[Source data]
= = = =

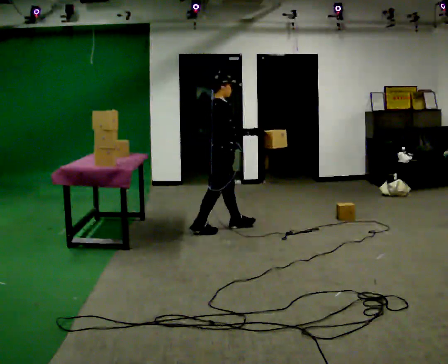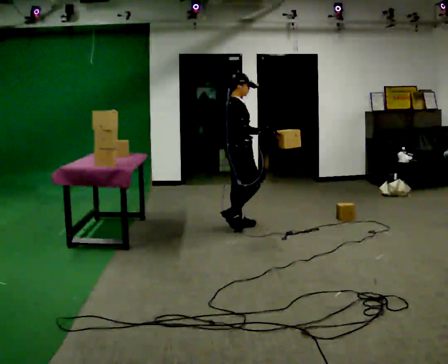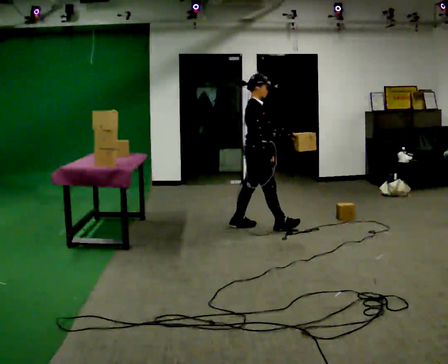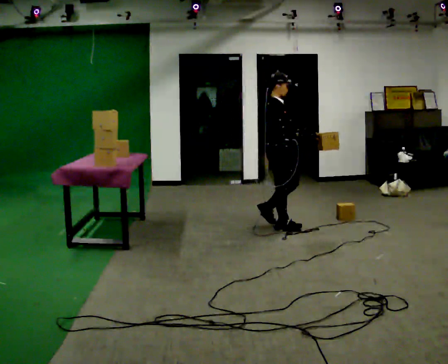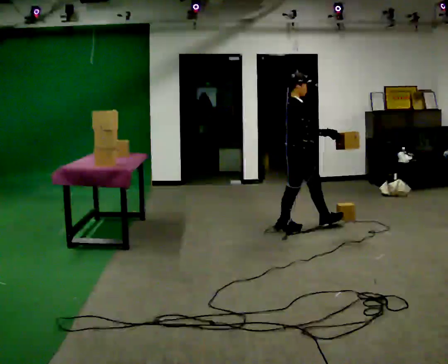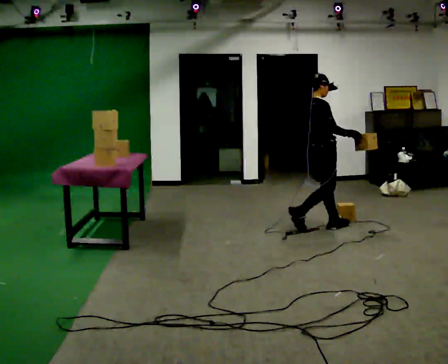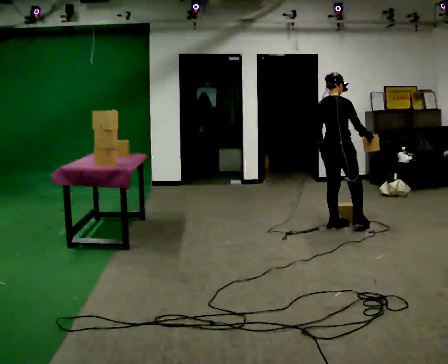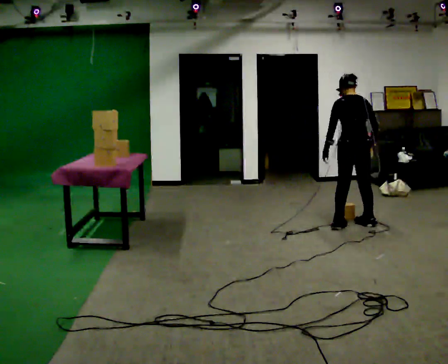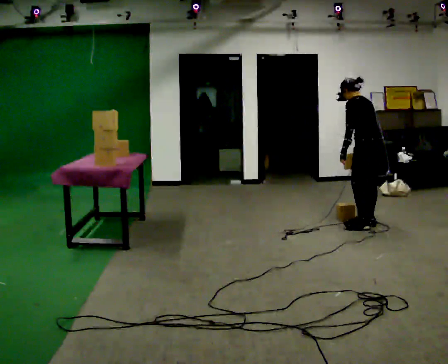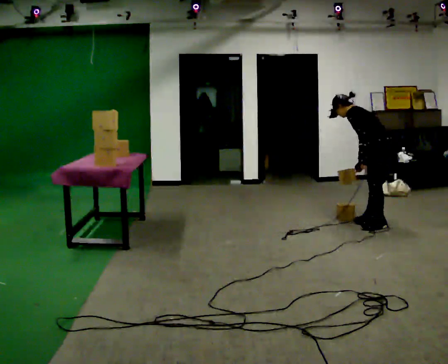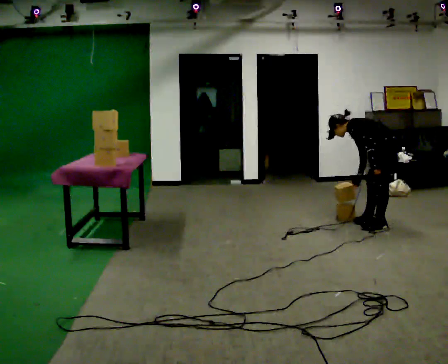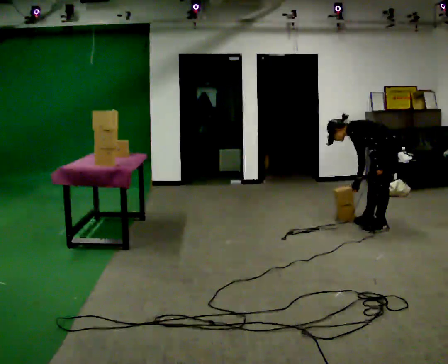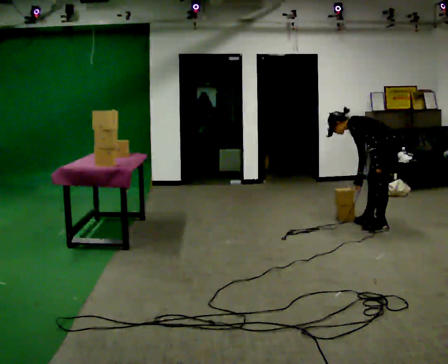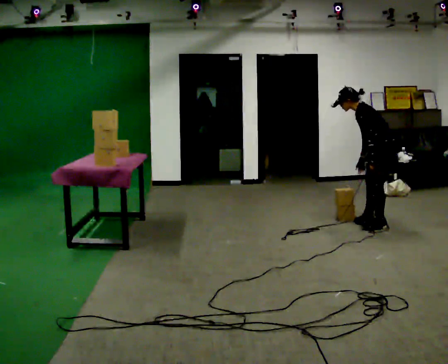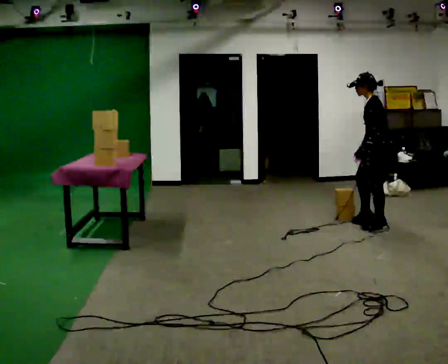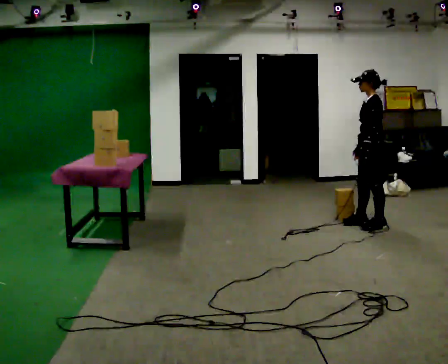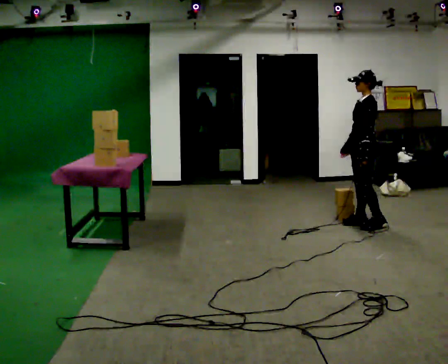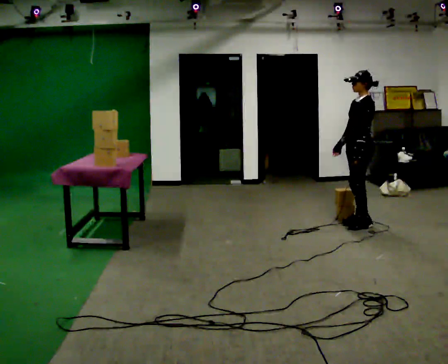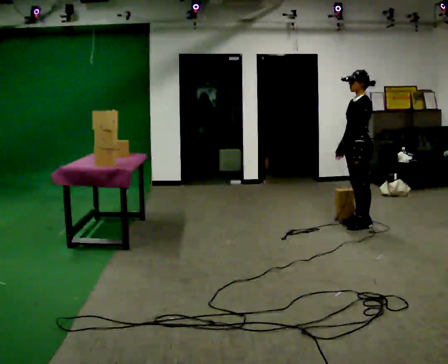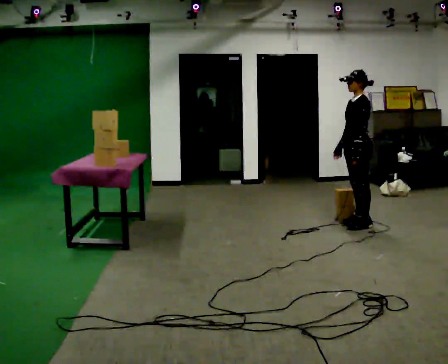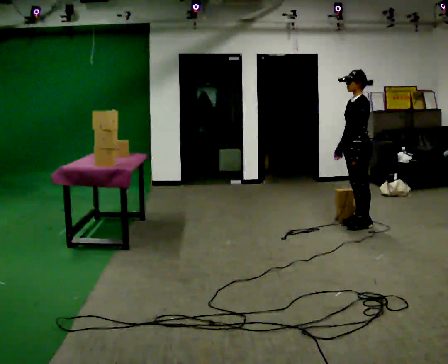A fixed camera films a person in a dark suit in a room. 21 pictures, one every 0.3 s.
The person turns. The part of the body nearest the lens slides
to the right.
The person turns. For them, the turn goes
to their left.
0.0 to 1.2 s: In the picture they go to the right, about 1 m in 1 step, which for them is forward.
1.2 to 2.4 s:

= = = =

• Problem to work on: All of the entries above should be duplicated exactly, except for the pictures.

• Response below:
A fixed camera films a person in a dark suit in a room. 21 pictures, one every 0.3 s.
The person turns. The part of the body nearest the lens slides
to the right.
The person turns. For them, the turn goes
to their left.
0.0 to 1.2 s: In the picture they go to the right, about 1 m in 1 step, which for them is forward.
1.2 to 2.4 s:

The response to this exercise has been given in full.